Exercise objective: In the data that follows, count the lines where "none" appears, and write only the number.

Records excerpted from a collection:
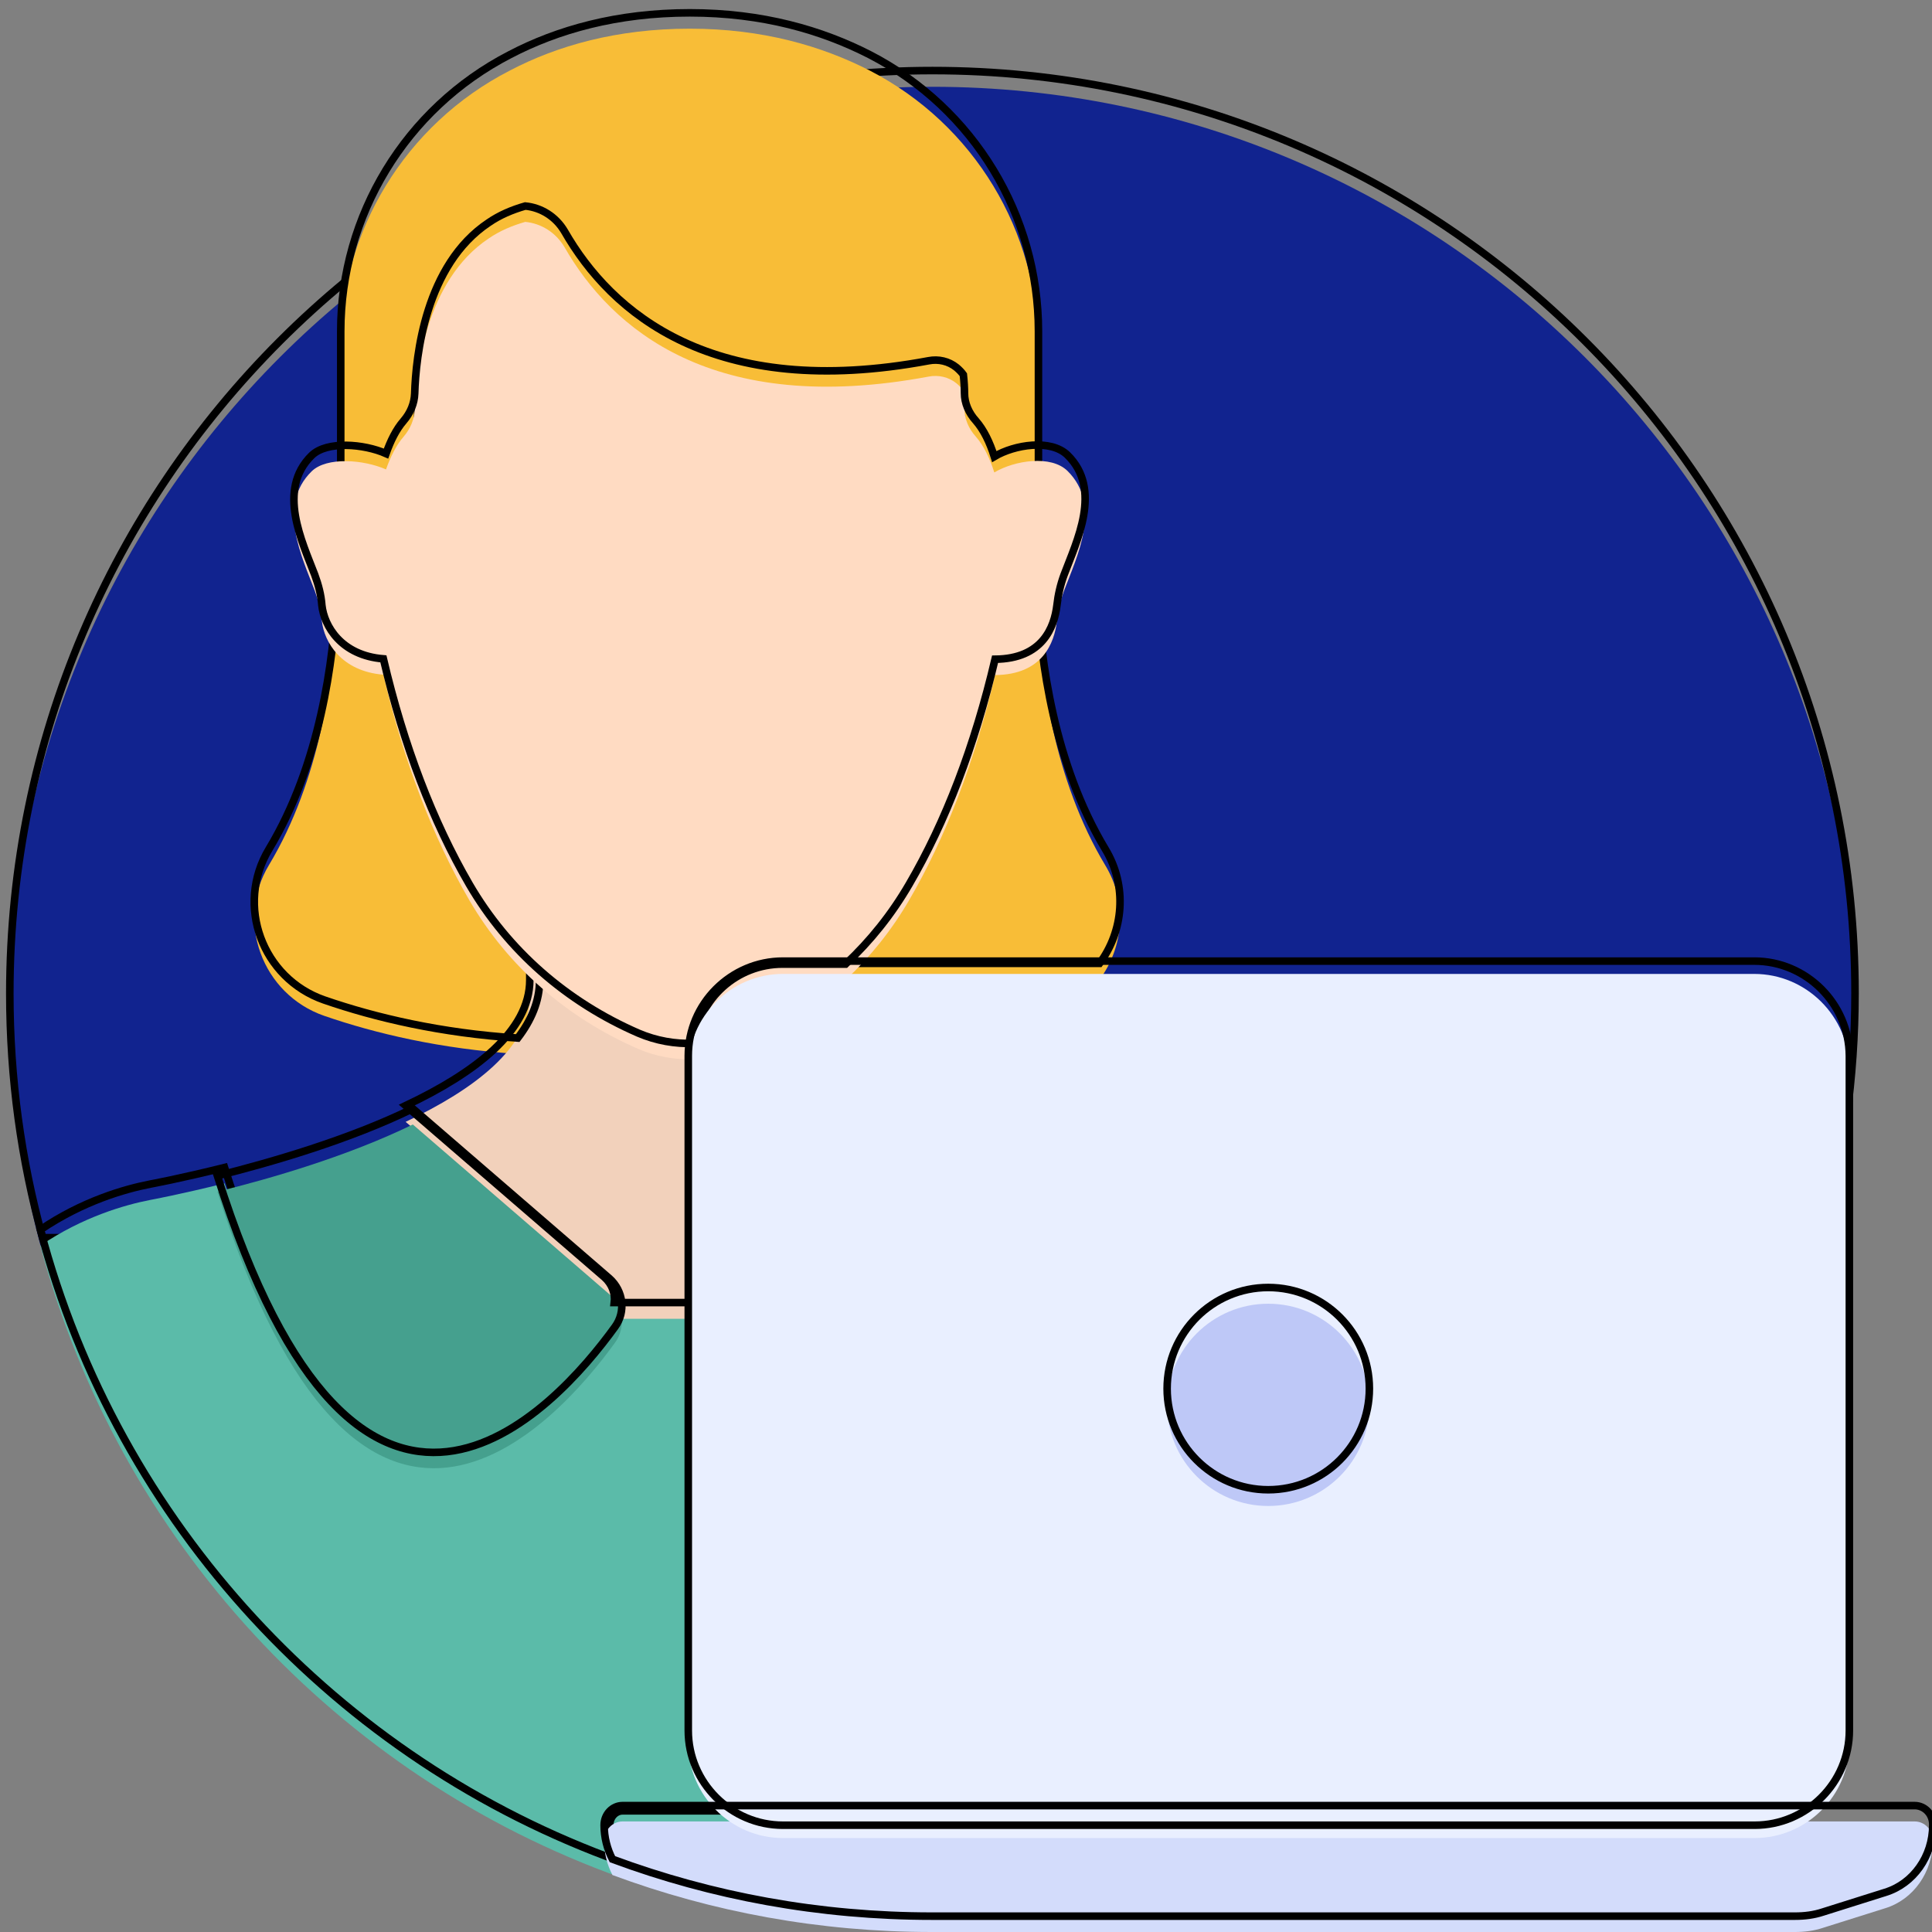 <?xml version="1.0" encoding="utf-8"?>
<!-- Generator: Adobe Illustrator 23.1.0, SVG Export Plug-In . SVG Version: 6.00 Build 0)  -->
<svg version="1.1" id="Layer_1" xmlns="http://www.w3.org/2000/svg" xmlns:xlink="http://www.w3.org/1999/xlink" x="0px" y="0px"
	 viewBox="0 0 512 512" style="enable-background:new 0 0 512 512;" xml:space="preserve">
<rect x="0" y="0" width="512" height="512" fill="#808080" stroke="none"/>
<style type="text/css">
	.st0{fill:#11238F;}
	.st1{fill:none;stroke:#000000;stroke-width:2;stroke-miterlimit:10;}
	.st2{fill:#F8BD37;}
	.st3{fill:#5BBBA9;}
	.st4{fill:#F2D1BB;}
	.st5{fill:#45A08E;}
	.st6{fill:#FFDBC2;}
	.st7{fill:#D3DCFB;}
	.st8{fill:#E9EFFF;}
	.st9{fill:#BEC8F7;}
</style>
<path class="st0" d="M482.9,332.2c5.6-20.6,8.7-42.3,8.7-64.7c0-135-109.5-244.5-244.5-244.5S2.6,132.5,2.6,267.5
	c0,22.4,3,44.1,8.7,64.7H482.9z"/>
<path class="st1" d="M482.9,327.9c5.6-20.6,8.7-42.3,8.7-64.7c0-135-109.5-244.5-244.5-244.5S2.6,128.2,2.6,263.3
	c0,22.4,3,44.1,8.7,64.7H482.9z"/>
<g>
	<path class="st2" d="M230.5,18.7c-12.7-6.5-28.4-11.1-47.7-11.1c-19.3,0-35.1,4.5-47.7,11.1C107.3,33,90.2,61.4,90.2,92v39.8l0,0
		c4.4-0.1,9.2,1.3,12.3,3.4c1.1-3.8,2.7-9,4.8-11.4c1.9-2.2,3.1-4.8,3.2-7.7c0.3-10.9,3.2-36.7,22.4-46.6c5.4-2.7,11.9-0.7,14.9,4.6
		c11.6,20.1,38.6,46.5,98.6,35.2c4.3-0.8,8.3,2.4,8.4,6.7c0,0,0,0,0,0.1c0.1,2.9,1.3,5.5,3.2,7.7c2.1,2.4,3.7,7.6,4.8,11.4
		c3.1-2.1,8-3.5,12.3-3.4l0,0V92C275.2,61.4,258.2,33,230.5,18.7z"/>
</g>
<g>
	<path class="st1" d="M230.5,14.5c-12.7-6.5-28.4-11.1-47.7-11.1c-19.3,0-35.1,4.5-47.7,11.1c-27.7,14.3-44.8,42.7-44.8,73.3v39.8
		l0,0c4.4-0.1,9.2,1.3,12.3,3.4c1.1-3.8,2.7-9,4.8-11.4c1.9-2.2,3.1-4.8,3.2-7.7c0.3-10.9,3.2-36.7,22.4-46.6
		c5.4-2.7,11.9-0.7,14.9,4.6c11.6,20.1,38.6,46.5,98.6,35.2c4.3-0.8,8.3,2.4,8.4,6.7c0,0,0,0,0,0.1c0.1,2.9,1.3,5.5,3.2,7.7
		c2.1,2.4,3.7,7.6,4.8,11.4c3.1-2.1,8-3.5,12.3-3.4l0,0V87.8C275.2,57.2,258.2,28.8,230.5,14.5z"/>
</g>
<path class="st3" d="M183.8,462V346.8h-21.2c0.5,2,0.1,4.3-1.2,6.1c-7.9,11-28.8,36.1-51.4,32.1c-19.7-3.5-36.6-27.5-50.5-71.4
	c-11.6,2.9-19.7,4.4-19.7,4.4c-6.7,1.3-17.9,4.5-29.1,12.1c20.6,77.9,78.7,140.6,153.9,167.5c-1.9-2.8-3-6.2-3-9.8
	c0-2,1.5-3.7,3.4-3.7h33.3l-4-2.7C187.7,477.1,183.8,469.8,183.8,462L183.8,462z"/>
<path class="st1" d="M183.8,457.7V342.6h-21.2c0.5,2,0.1,4.3-1.2,6.1c-7.9,11-28.8,36.1-51.4,32.1c-19.7-3.5-36.6-27.5-50.5-71.4
	c-11.6,2.9-19.7,4.4-19.7,4.4c-6.7,1.3-17.9,4.5-29.1,12.1c20.6,77.9,78.7,140.6,153.9,167.5c-1.9-2.8-3-6.2-3-9.8
	c0-2,1.5-3.7,3.4-3.7h33.3l-4-2.7C187.7,472.8,183.8,465.5,183.8,457.7L183.8,457.7z"/>
<path class="st2" d="M291.4,259.6c6.3-8.5,7.5-20.4,1.5-30.3c-13.6-22.6-17.2-50.2-17.9-67h-11.7c-0.4,5.2-0.9,9.9-1.5,13.6
	c-5.4,23.7-13.1,44.3-23.1,61.3c-4.5,7.7-10.1,14.7-16.7,20.8l-0.8,0.8v0.8L291.4,259.6L291.4,259.6z"/>
<path class="st2" d="M126.8,237.1c-9.9-17-17.7-37.6-23-61.3c-0.6-3.6-1.2-8.4-1.6-13.6H89.2c-0.8,16.8-4.3,44.4-17.9,67
	c-9,14.9-1.8,34.3,14.6,40c13.6,4.7,31,8.8,51.3,10.1c3.6-4.7,5.8-9.8,5.8-15.3v-6.5l-0.8-0.8C136.2,250.9,131,244.3,126.8,237.1
	L126.8,237.1z"/>
<g>
	<path class="st4" d="M162.8,349.5h21.1v-66.3c0-2.2,0.3-4.3,0.8-6.3c-0.9,0.1-1.7,0.2-2.6,0.2c-14.3-0.3-31.6-11.9-41.7-20.9v7.8
		c0,13.6-14.7,24.7-32.9,33.3l52.7,45.5C162.2,344.5,163.1,347,162.8,349.5L162.8,349.5z"/>
</g>
<path class="st5" d="M57.6,315.8c37.8,119.6,89.5,62,105.4,40c2.9-4,2.2-9.5-1.5-12.8l-52.1-45C92.4,306.3,71.9,312.3,57.6,315.8z"
	/>
<path class="st1" d="M291.4,255.3c6.3-8.5,7.5-20.4,1.5-30.3c-13.6-22.6-17.2-50.2-17.9-67h-11.7c-0.4,5.2-0.9,9.9-1.5,13.6
	c-5.4,23.7-13.1,44.3-23.1,61.3c-4.5,7.7-10.1,14.7-16.7,20.8l-0.8,0.8v0.8L291.4,255.3L291.4,255.3z"/>
<path class="st1" d="M126.8,232.9c-9.9-17-17.7-37.6-23-61.3c-0.6-3.6-1.2-8.4-1.6-13.6H89.2c-0.8,16.8-4.3,44.4-17.9,67
	c-9,14.9-1.8,34.3,14.6,40c13.6,4.7,31,8.8,51.3,10.1c3.6-4.7,5.8-9.8,5.8-15.3v-6.5l-0.8-0.8C136.2,246.7,131,240.1,126.8,232.9
	L126.8,232.9z"/>
<g>
	<path class="st1" d="M162.8,345.2h21.1v-66.3c0-2.2,0.3-4.3,0.8-6.3c-0.9,0.1-1.7,0.2-2.6,0.2c-14.3-0.3-31.6-11.9-41.7-20.9v7.8
		c0,13.6-14.7,24.7-32.9,33.3l52.7,45.5C162.2,340.3,163.1,342.8,162.8,345.2L162.8,345.2z"/>
</g>
<path class="st1" d="M57.6,311.6c37.8,119.6,89.5,62,105.4,40c2.9-4,2.2-9.5-1.5-12.8l-52.1-45C92.4,302.1,71.9,308,57.6,311.6z"/>
<path class="st6" d="M282.9,124.8L282.9,124.8c-4.4-4.3-14-2.8-19.4,0.4c-1.2-3.8-2.8-7.1-4.9-9.5c-1.9-2.1-3-4.7-3-7.3
	c0-1.4-0.1-3.1-0.3-4.9c-0.5-0.7-1.1-1.3-1.8-1.9c-2.1-1.7-4.8-2.3-7.4-1.8c-57.2,10.7-84.1-12.7-96.5-34.3
	c-2.3-3.9-6.2-6.3-10.4-6.7c-3.5,1-6.8,2.4-9.7,4.4c-16.8,11.2-19.3,35.4-19.6,45.3c-0.1,2.6-1.1,5.1-3,7.3
	c-1.9,2.2-3.4,5.2-4.6,8.6c-5.9-2.6-15.7-3.4-19.7,0.5c-9.3,9.1-2.5,22.9,0.8,31.6c1,2.7,1.7,5.4,1.9,8.1
	c0.6,5.5,5.1,13.3,16.3,14.2c5.4,23,13.1,43.1,22.8,59.8c10.2,17.5,25.7,31.1,44.8,39.4c4.7,2,9.7,2.9,14.7,2.7
	c1.3-11.8,11.3-21,23.5-21h16.7c6.6-6.2,12.2-13.2,16.8-21.1c9.7-16.6,17.4-36.7,22.8-59.7c12.6-0.1,15.7-8.5,16.4-14.3
	c0.3-2.7,0.9-5.4,1.9-8.1C285.3,147.7,292.2,134,282.9,124.8z"/>
<path class="st1" d="M282.9,120.6L282.9,120.6c-4.4-4.3-14-2.8-19.4,0.4c-1.2-3.8-2.8-7.1-4.9-9.5c-1.9-2.1-3-4.7-3-7.3
	c0-1.4-0.1-3.1-0.3-4.9c-0.5-0.7-1.1-1.3-1.8-1.9c-2.1-1.7-4.8-2.3-7.4-1.8c-57.2,10.7-84.1-12.7-96.5-34.3
	c-2.3-3.9-6.2-6.3-10.4-6.7c-3.5,1-6.8,2.4-9.7,4.4c-16.8,11.2-19.3,35.4-19.6,45.3c-0.1,2.6-1.1,5.1-3,7.3
	c-1.9,2.2-3.4,5.2-4.6,8.6c-5.9-2.6-15.7-3.4-19.7,0.5c-9.3,9.1-2.5,22.9,0.8,31.6c1,2.7,1.7,5.4,1.9,8.1
	c0.6,5.5,5.1,13.3,16.3,14.2c5.4,23,13.1,43.1,22.8,59.8c10.2,17.5,25.7,31.1,44.8,39.4c4.7,2,9.7,2.9,14.7,2.7
	c1.3-11.8,11.3-21,23.5-21h16.7c6.6-6.2,12.2-13.2,16.8-21.1c9.7-16.6,17.4-36.7,22.8-59.7c12.6-0.1,15.7-8.5,16.4-14.3
	c0.3-2.7,0.9-5.4,1.9-8.1C285.3,143.5,292.2,129.7,282.9,120.6z"/>
<path class="st7" d="M507.4,482.7H165c-2.7,0-4.9,2.3-4.9,5.2c0,3.2,0.8,6.3,2.2,9c26.4,9.8,54.9,15.1,84.7,15.1h228.7
	c2.5,0,5-0.3,7.4-1.1c0,0,0,0,0,0l16.5-5.2c7.5-2.3,12.6-9.6,12.6-17.8C512.3,485,510.1,482.7,507.4,482.7L507.4,482.7z"/>
<path class="st8" d="M464.9,258.1H207.5c-13.8,0-25.1,11.3-25.1,25.1V462c0,13.8,11.3,25.1,25.1,25.1h257.5
	c13.8,0,25.1-11.3,25.1-25.1V283.2C490,269.4,478.7,258.1,464.9,258.1z"/>
<ellipse class="st9" cx="336.1" cy="372.3" rx="26.8" ry="26.8"/>
<path class="st1" d="M507.4,478.5H165c-2.7,0-4.9,2.3-4.9,5.2c0,3.2,0.8,6.3,2.2,9c26.4,9.8,54.9,15.1,84.7,15.1h228.7
	c2.5,0,5-0.3,7.4-1.1c0,0,0,0,0,0l16.5-5.2c7.5-2.3,12.6-9.6,12.6-17.8C512.3,480.8,510.1,478.5,507.4,478.5L507.4,478.5z"/>
<path class="st1" d="M464.9,254.7H207.5c-13.8,0-25.1,11.3-25.1,25.1v178.8c0,13.8,11.3,25.1,25.1,25.1h257.5
	c13.8,0,25.1-11.3,25.1-25.1V279.8C490,266,478.7,254.7,464.9,254.7z"/>
<ellipse class="st1" cx="336.1" cy="368" rx="26.8" ry="26.8"/>
</svg>

Answer box: 2